** Problem description **
Starting at the top line, print the entries below exactly as they are and skip every picture.

** Raw data **
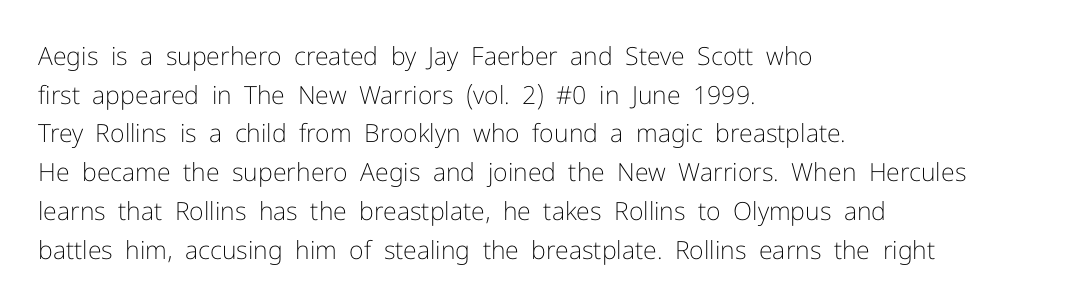
Q: Is the text bold? A: No.
Q: Is the text italic (slanted)? A: No, it is upright.
Q: Is the text underlined? A: No.
Q: How is the paragraph aligned? A: Left-aligned.
Q: Is the spacing between letters normal or unusually wide? A: Normal.
Q: Is the spacing between lines tight, normal or loose? A: Normal.
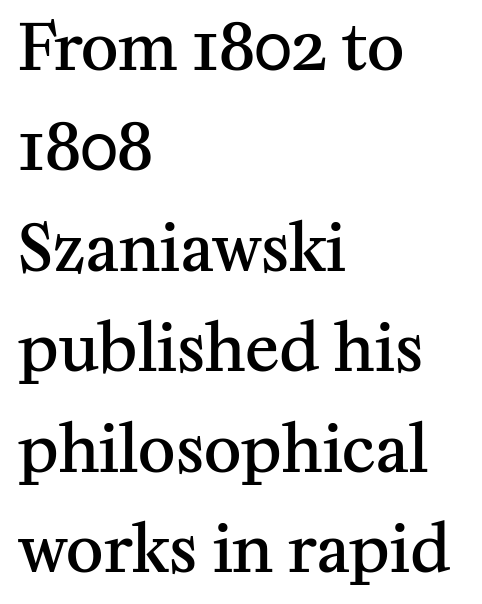
The typesetter chose a ragged-right arrangement here. A typesetter would call this proportional, since set widths differ per character. A fair bit of extra ink — the face is semibold, not bold. How are the letters spaced? Ordinarily, with no added tracking. The rendering shows small feet on the letterforms — a serif design.

** Written response **
Q: Is the text bold? A: No.
Q: Is the text italic (slanted)? A: No, it is upright.
Q: Is the text underlined? A: No.
Q: How is the paragraph aligned? A: Left-aligned.
Q: Is the spacing between letters normal or unusually wide? A: Normal.
Q: Is the spacing between lines tight, normal or loose? A: Normal.
The typesetter chose a ragged-right arrangement here. A typesetter would call this proportional, since set widths differ per character. A fair bit of extra ink — the face is semibold, not bold. How are the letters spaced? Ordinarily, with no added tracking. The rendering shows small feet on the letterforms — a serif design.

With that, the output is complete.